SATySFi icon indicating copy to clipboard operation
SATySFi copied to clipboard

Proposal: I18n: Support non-English hyphenation dictionaries

Open na4zagin3 opened this issue 4 years ago • 1 comments

This proposal is to add support of hyphenation of non-English languages. This is the first step of supporting internationalization.

Proposal

  • Add a new type:
    • hyphen-dict Hyphenation pattern. Underlying OCaml representation is LoadHyph.t.
  • Add new primitives:
    • load-hyphen-dict : string -> hyphen-dict
    • set-hyphen-dict : hyphen-dict -> ctx -> ctx
    • get-hyphen-dict : ctx -> hyphen-dict
  • Use BCP 47 Language Tag or UTS#35 Language Identifier for filenames of hyphenation dictionary files.
    • The current hyphenation file english.satysfi-hyph needs to be renamed with en.satysfi-hyph.

load-hyphen-pattern language loads a hyphenation dictionary from hyph/<language>.satysfi-hyph. It raises an exception when the file is not found.

set-hyphen-pattern hyph ctx sets hyphnation pattern hyph to ctx.hyphenation_pattern.

get-hyphen-pattern ctx returns hyphnation pattern ctx.hyphenation_pattern.

Current Implementation

  • English hyphenation is located at lib-satysfi/dist/hyph/english.satysfi-hyph
  • english.satysfi-hyph is loaded at https://github.com/gfngfn/SATySFi/blob/1243829f9dcaf955e4ba0f5222a0f95b34e74e32/src/frontend/primitives.cppo.ml#L604
  • The only operation which sets hyphenation_dictionary is get_pdf_mode_initial_context at https://github.com/gfngfn/SATySFi/blob/1243829f9dcaf955e4ba0f5222a0f95b34e74e32/src/frontend/primitives.cppo.ml#L497

Alternative Options

Activate multiple hyphen-dicts at the same time

This proposal based on a design where users can replace English hyphenation pattern with other language's. It may be natural to set a hyphenation dictionary to each language/script (i.e., set-hyphen-dict : language-tag -> hyphen-dict > ctx -> ctx or set-hyphen-dict : hyphen-dict language-tag-map -> ctx -> ctx) rather than applying given hyphenation pattern globally, if we decide to extend the multi-language system, where English and Japanese are automatically detected with script types.

Introducing new type hyphen-dict

Instead of introducing hyphen-dict and having users explicitly handle hyphenation dictionaries, we could provide primitives get/set strings that represent languages (e.g., set-hyphen-dict : string -> ctx -> ctx).

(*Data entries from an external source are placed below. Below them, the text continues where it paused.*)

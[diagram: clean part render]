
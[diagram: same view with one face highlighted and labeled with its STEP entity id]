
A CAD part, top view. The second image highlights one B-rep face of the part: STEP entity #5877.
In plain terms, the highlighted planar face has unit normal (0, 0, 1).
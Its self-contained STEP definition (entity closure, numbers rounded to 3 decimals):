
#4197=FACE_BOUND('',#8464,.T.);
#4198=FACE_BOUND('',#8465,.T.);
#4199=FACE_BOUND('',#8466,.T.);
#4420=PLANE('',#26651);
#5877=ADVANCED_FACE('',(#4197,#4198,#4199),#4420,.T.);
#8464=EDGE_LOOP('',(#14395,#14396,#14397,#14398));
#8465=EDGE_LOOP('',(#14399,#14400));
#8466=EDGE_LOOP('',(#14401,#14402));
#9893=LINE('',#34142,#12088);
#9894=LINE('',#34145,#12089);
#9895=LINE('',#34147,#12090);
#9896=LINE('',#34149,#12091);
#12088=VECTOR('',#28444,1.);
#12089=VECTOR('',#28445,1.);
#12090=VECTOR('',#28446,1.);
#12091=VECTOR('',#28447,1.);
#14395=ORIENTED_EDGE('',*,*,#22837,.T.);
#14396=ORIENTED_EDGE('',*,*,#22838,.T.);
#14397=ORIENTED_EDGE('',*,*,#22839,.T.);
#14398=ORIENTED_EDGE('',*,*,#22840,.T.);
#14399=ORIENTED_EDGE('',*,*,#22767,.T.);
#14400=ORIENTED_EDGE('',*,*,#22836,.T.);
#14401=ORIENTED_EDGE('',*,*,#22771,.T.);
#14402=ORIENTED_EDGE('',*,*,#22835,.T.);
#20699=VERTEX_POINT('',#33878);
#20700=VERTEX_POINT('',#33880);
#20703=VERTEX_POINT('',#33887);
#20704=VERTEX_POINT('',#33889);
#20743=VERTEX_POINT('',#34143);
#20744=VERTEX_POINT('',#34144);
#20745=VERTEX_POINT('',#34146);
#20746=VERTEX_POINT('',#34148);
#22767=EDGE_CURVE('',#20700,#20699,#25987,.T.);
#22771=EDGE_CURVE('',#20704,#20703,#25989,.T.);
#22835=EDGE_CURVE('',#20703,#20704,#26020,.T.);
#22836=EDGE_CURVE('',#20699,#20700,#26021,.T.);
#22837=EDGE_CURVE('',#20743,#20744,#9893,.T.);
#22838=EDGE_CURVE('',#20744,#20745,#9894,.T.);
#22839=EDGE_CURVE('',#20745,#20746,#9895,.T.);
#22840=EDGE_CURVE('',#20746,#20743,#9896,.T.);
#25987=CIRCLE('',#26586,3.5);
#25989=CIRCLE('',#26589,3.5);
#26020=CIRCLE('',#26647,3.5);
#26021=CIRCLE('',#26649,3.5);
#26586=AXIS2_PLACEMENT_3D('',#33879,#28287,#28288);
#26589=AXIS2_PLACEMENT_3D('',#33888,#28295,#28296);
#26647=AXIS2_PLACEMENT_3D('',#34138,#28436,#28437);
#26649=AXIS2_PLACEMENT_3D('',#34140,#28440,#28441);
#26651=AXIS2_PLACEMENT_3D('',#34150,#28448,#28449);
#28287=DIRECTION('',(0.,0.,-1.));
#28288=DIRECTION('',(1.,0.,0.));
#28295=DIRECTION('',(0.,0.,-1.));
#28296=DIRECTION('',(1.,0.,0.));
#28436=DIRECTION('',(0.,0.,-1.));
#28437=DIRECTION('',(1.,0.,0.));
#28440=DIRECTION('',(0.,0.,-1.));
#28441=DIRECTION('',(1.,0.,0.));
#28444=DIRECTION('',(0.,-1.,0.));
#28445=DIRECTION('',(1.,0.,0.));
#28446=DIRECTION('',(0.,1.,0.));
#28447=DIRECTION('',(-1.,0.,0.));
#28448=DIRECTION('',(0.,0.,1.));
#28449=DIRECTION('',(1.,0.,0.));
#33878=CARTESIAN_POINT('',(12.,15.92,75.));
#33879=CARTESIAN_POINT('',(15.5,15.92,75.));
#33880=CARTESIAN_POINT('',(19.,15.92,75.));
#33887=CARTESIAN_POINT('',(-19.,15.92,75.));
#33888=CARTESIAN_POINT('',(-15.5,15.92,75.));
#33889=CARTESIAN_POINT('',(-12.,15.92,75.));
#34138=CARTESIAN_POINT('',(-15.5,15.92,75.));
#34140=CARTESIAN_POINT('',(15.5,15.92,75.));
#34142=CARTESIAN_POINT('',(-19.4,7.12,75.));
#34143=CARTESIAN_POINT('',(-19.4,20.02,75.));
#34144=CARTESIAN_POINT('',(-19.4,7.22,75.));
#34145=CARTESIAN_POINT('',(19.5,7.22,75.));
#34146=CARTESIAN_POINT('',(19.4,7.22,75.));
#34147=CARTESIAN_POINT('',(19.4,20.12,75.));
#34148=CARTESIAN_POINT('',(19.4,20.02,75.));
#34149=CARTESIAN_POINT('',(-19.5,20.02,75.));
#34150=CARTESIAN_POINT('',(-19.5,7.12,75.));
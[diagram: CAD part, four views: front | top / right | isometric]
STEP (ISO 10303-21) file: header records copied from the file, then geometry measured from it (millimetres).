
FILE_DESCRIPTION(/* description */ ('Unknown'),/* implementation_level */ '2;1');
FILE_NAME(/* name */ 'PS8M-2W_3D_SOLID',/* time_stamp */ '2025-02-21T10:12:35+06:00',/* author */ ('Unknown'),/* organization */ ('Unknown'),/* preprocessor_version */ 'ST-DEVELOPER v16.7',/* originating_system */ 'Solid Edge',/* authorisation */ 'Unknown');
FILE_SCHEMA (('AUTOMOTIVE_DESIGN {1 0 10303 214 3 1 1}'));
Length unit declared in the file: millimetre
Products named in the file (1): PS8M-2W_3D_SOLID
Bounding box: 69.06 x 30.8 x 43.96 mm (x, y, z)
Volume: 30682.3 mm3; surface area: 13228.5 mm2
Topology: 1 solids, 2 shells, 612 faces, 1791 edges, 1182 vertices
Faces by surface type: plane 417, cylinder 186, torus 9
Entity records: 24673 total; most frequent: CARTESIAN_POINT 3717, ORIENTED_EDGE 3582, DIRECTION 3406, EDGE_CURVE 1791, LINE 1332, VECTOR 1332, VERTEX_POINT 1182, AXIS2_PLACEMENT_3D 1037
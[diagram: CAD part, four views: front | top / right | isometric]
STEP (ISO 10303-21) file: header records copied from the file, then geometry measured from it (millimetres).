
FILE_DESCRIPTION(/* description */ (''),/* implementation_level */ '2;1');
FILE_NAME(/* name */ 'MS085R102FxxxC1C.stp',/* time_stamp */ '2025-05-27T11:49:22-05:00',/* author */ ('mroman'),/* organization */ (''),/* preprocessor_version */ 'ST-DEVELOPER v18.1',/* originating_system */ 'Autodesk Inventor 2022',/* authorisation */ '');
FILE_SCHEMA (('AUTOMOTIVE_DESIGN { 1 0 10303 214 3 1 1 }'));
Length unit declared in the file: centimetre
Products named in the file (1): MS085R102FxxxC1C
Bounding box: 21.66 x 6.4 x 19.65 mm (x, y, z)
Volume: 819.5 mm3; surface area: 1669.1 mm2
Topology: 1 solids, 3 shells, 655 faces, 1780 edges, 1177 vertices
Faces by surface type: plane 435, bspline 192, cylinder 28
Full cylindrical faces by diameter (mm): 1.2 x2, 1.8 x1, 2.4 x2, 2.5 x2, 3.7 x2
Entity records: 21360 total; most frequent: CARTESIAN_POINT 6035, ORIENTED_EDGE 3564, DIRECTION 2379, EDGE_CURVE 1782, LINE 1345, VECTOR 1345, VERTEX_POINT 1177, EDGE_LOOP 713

However, hyphen-dict type allows more extension points (e.g., tweaking hyphenation patterns, adding exceptional words ad hoc) in future.

load-hyphen-dict throwing exceptions

load-hyphen-dict can have signature load-hyphen-dict : string -> hyphen-dict option. I don't have strong opinion about this. I was thinking of having a new package for each language, therefore specifying wrong filenames is unlikely.

Having a primitive to get available hyphenation dictionary files

I could include another primitive get-hyph-dict-list that returns available files under hyph/ (for example, returning [ "en" ]). This primitive is not mandatory.

Renaming english.satysfi-hyph for en.satysfi-hyph

We could leave the filename as is. However, considering even TeX has already adopted naming scheme with BCP 47 Language Tag, there is no reason to stick at traditional naming scheme with language names in English.

na4zagin3 avatar Apr 30 '20 06:04 na4zagin3

May I consider this proposal approved? If so, I’ll work on this after the refactoring is done.

na4zagin3 avatar Nov 22 '20 19:11 na4zagin3